ACTION ITEM >> Print out each entry below in full, exactly as given, excluding pictures.

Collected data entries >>
*****
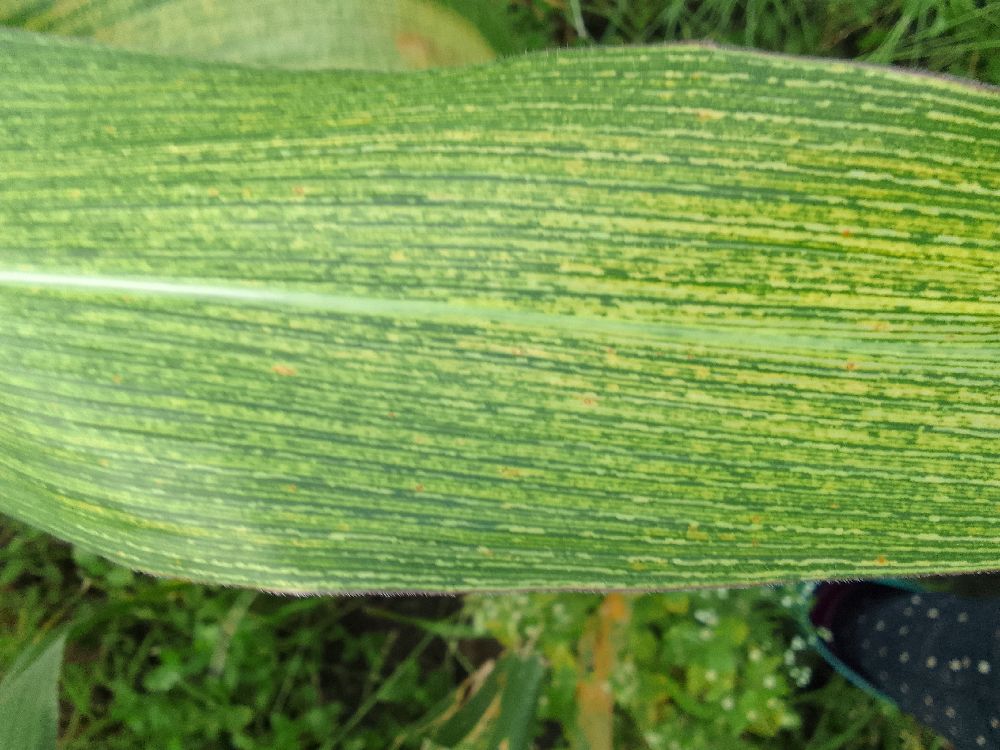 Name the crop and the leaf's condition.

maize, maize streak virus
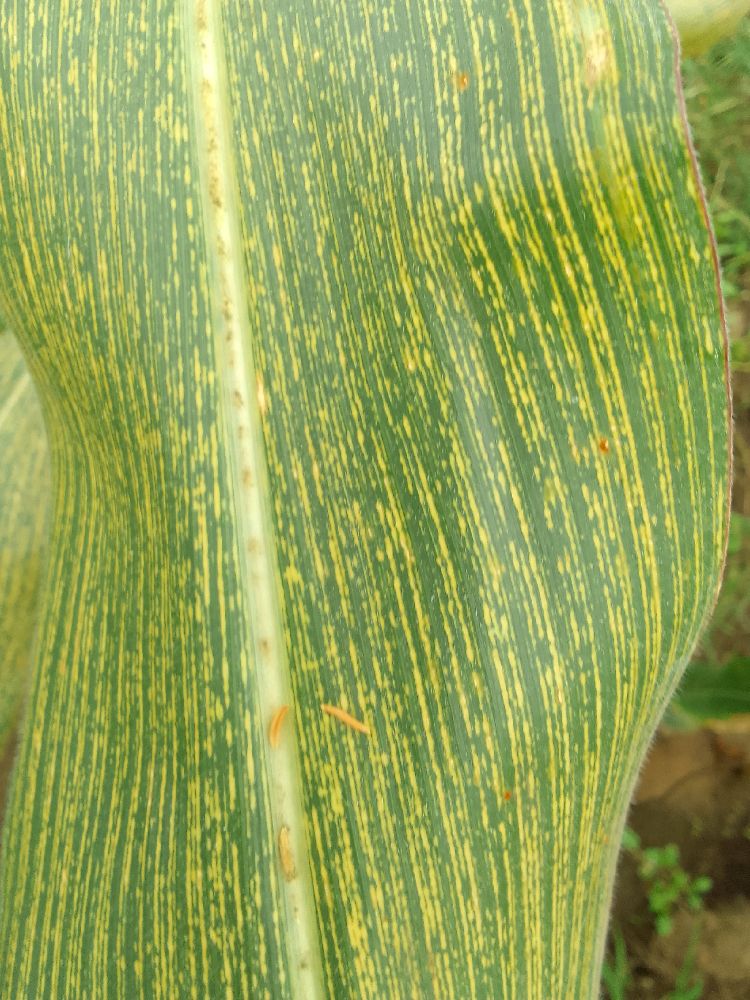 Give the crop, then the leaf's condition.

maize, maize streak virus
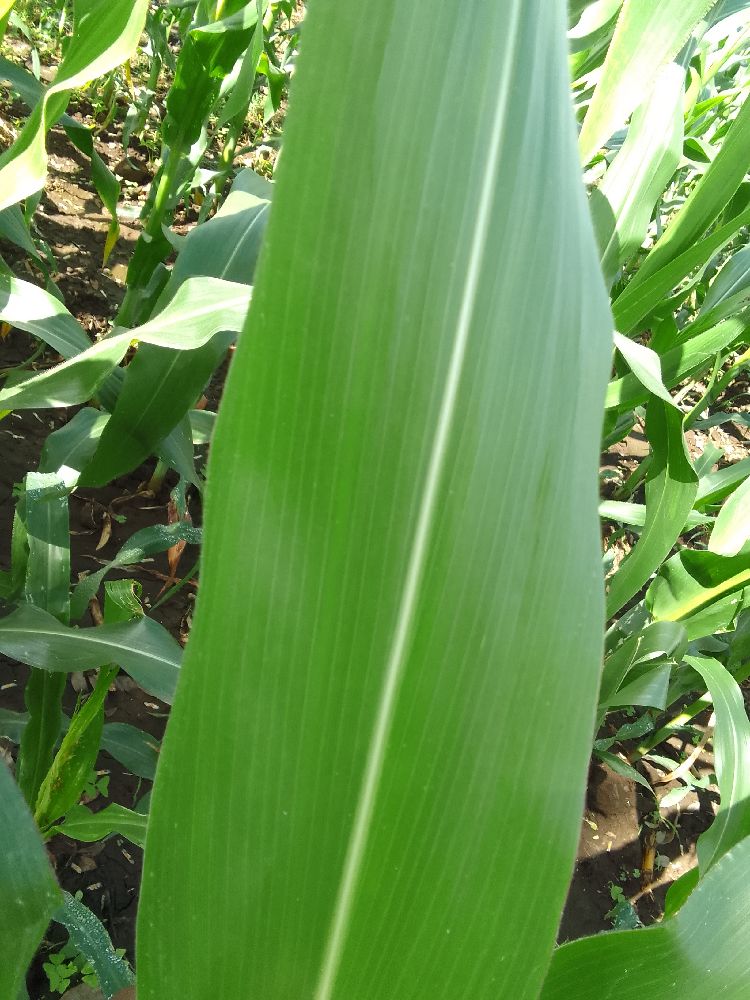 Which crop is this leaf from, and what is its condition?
*****
ANSWER TO THIS PROBLEM >>
 Name the crop and the leaf's condition.

maize, maize streak virus
 Give the crop, then the leaf's condition.

maize, maize streak virus
 Which crop is this leaf from, and what is its condition?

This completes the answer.